Start of STUDY MATERIAL

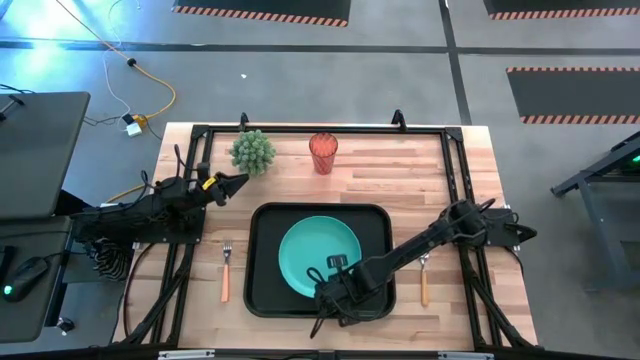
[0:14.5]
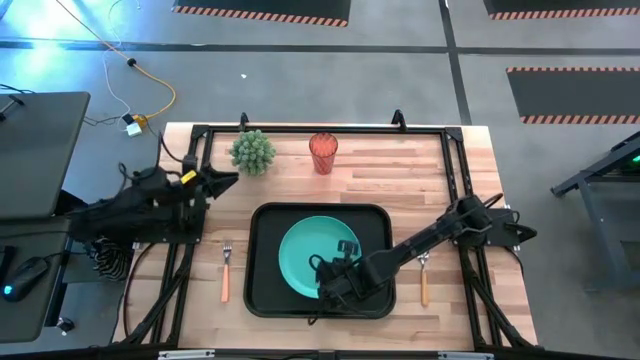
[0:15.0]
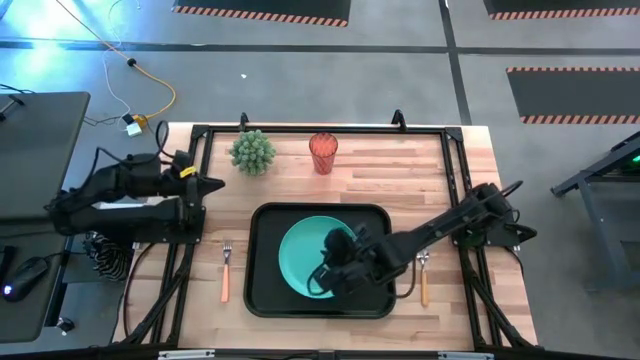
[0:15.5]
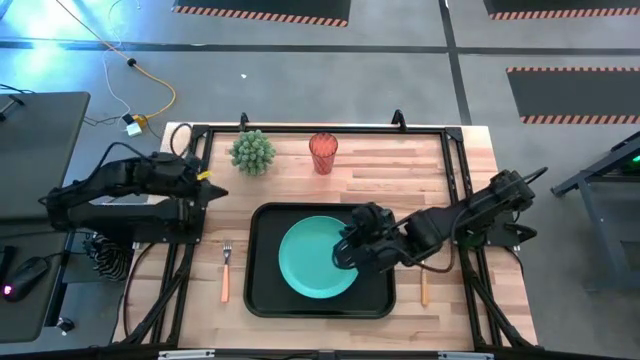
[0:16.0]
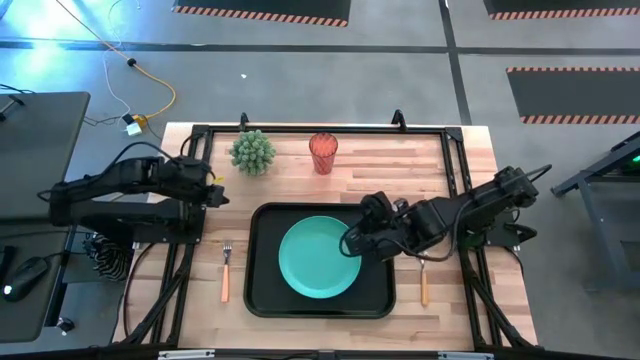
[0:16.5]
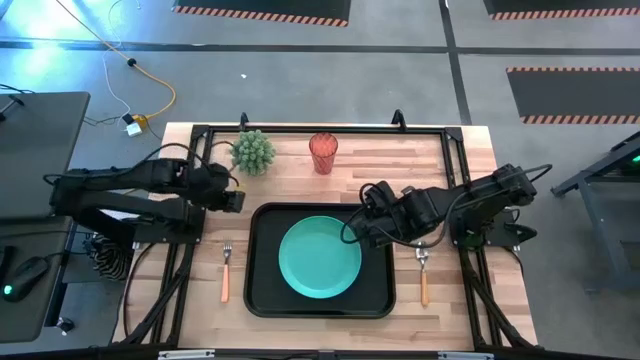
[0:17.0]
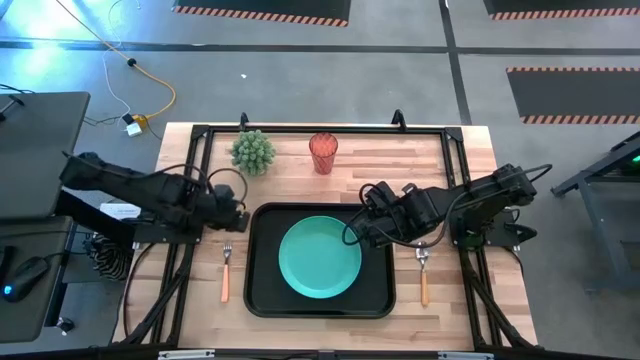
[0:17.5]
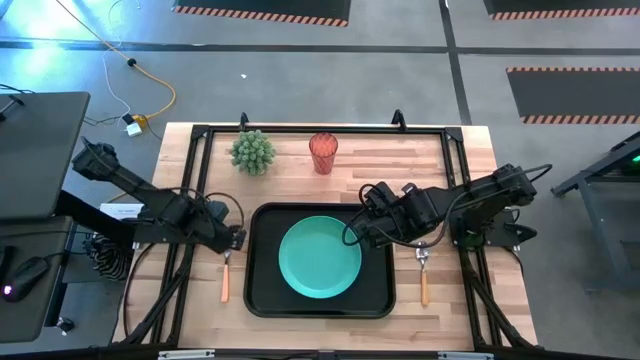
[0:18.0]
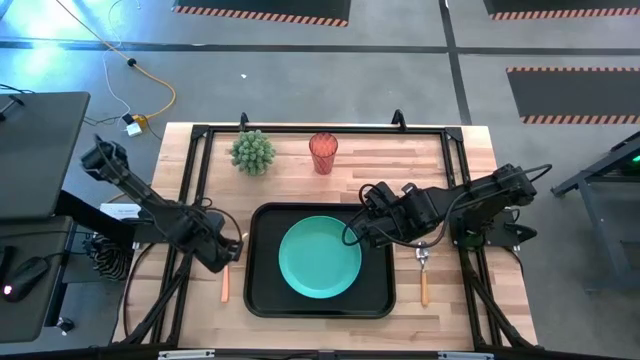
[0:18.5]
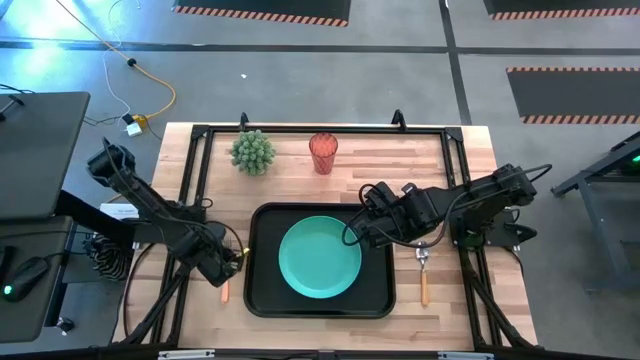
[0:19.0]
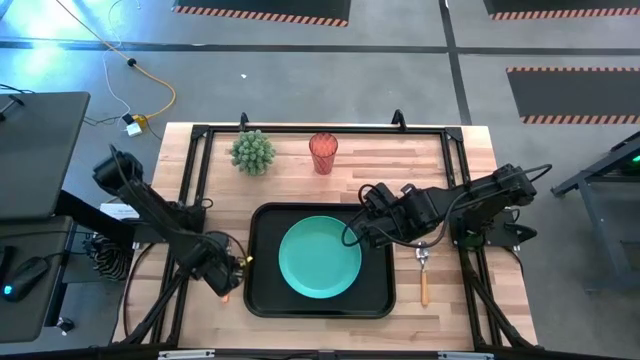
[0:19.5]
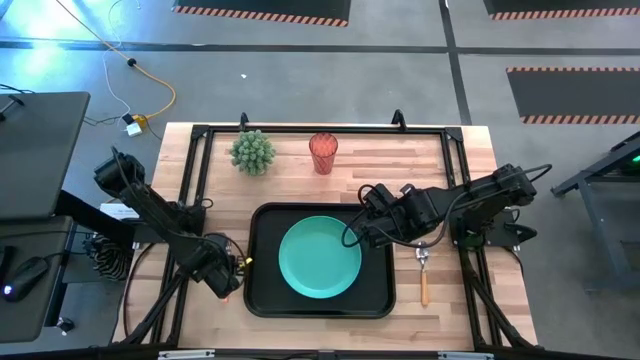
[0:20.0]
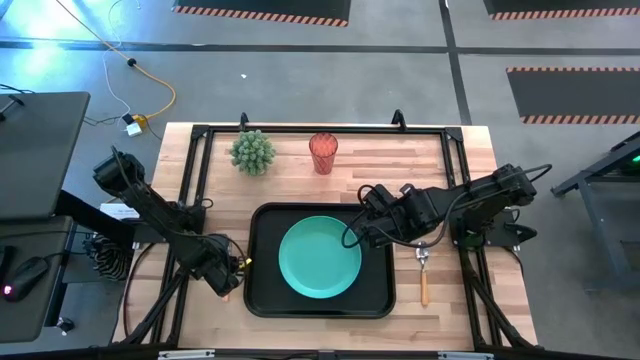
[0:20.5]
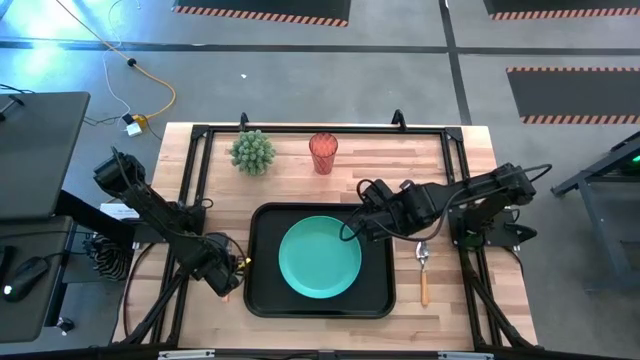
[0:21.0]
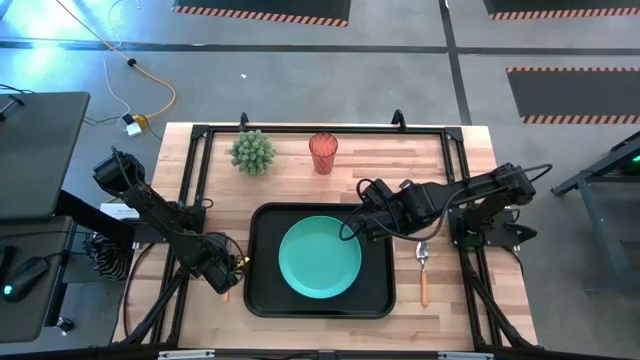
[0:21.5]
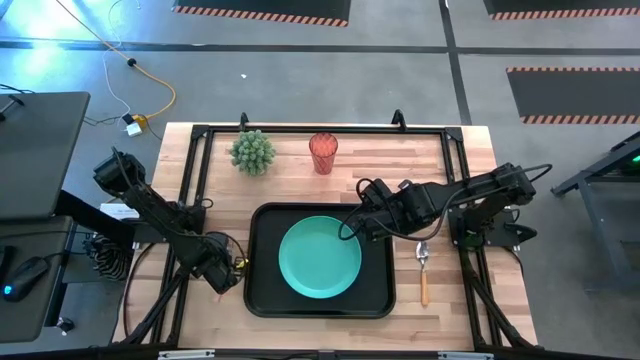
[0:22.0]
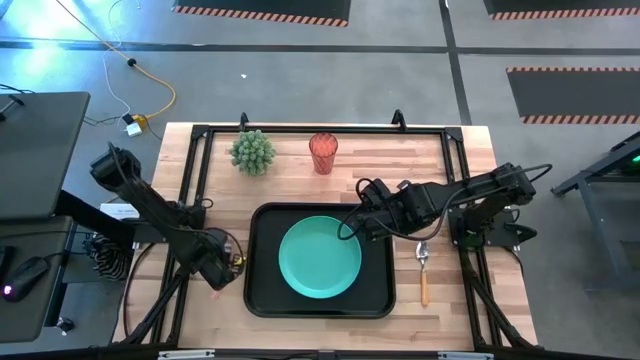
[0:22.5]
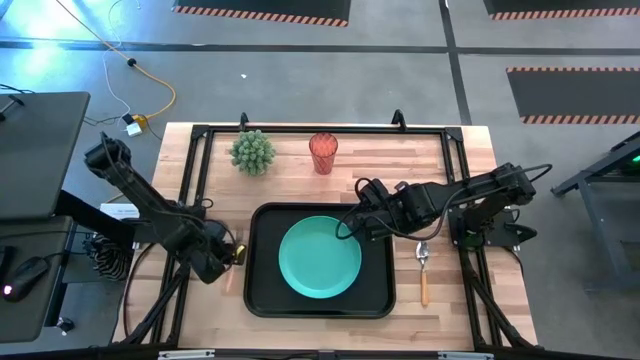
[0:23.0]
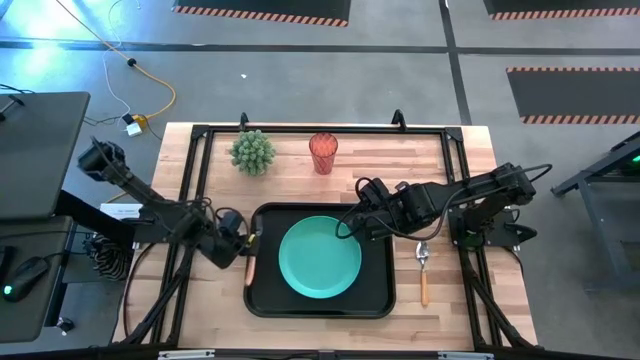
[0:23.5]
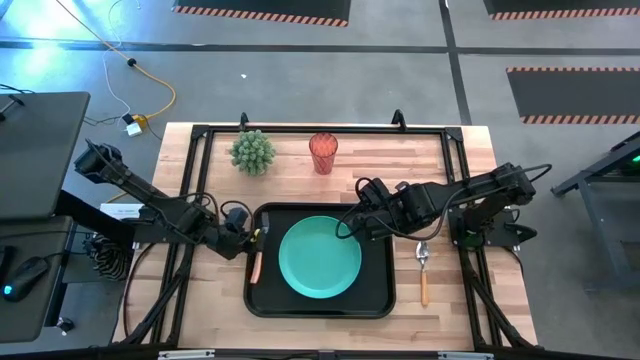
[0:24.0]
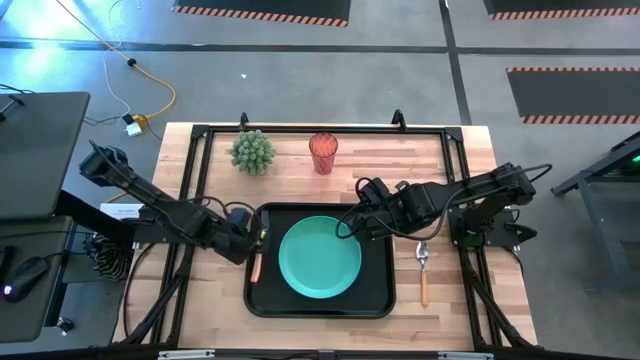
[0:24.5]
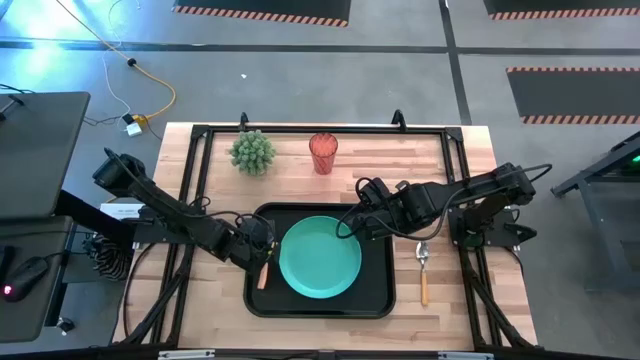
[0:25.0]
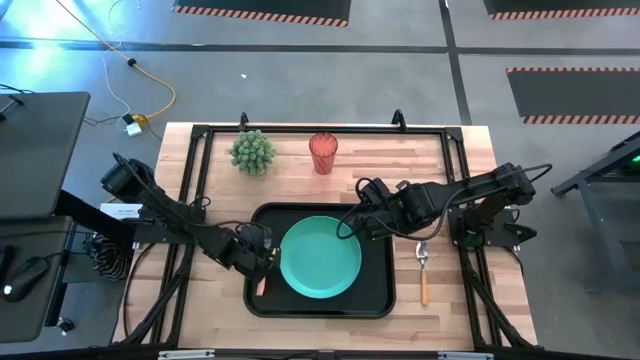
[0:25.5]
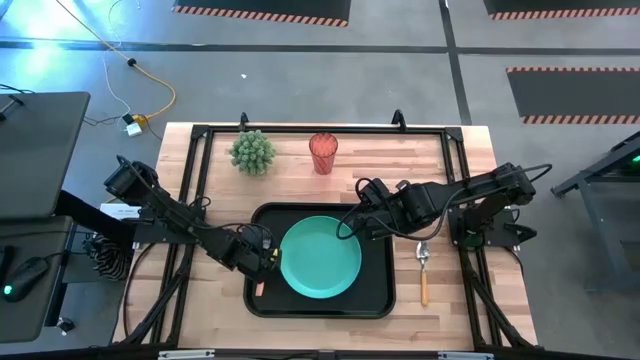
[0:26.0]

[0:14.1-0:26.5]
Task: Pick and place plate/cup/fork/spoon on tray
Put the orange fork on the black tray to the left of the blue plate

End of STUDY MATERIAL

EXERCISE DESCRIPTION: Output every line of the records above unchanged, and keep the pictures out.

REPLY TO THE TASK:
[0:14.5]
[0:15.0]
[0:15.5]
[0:16.0]
[0:16.5]
[0:17.0]
[0:17.5]
[0:18.0]
[0:18.5]
[0:19.0]
[0:19.5]
[0:20.0]
[0:20.5]
[0:21.0]
[0:21.5]
[0:22.0]
[0:22.5]
[0:23.0]
[0:23.5]
[0:24.0]
[0:24.5]
[0:25.0]
[0:25.5]
[0:26.0]

[0:14.1-0:26.5]
Task: Pick and place plate/cup/fork/spoon on tray
Put the orange fork on the black tray to the left of the blue plate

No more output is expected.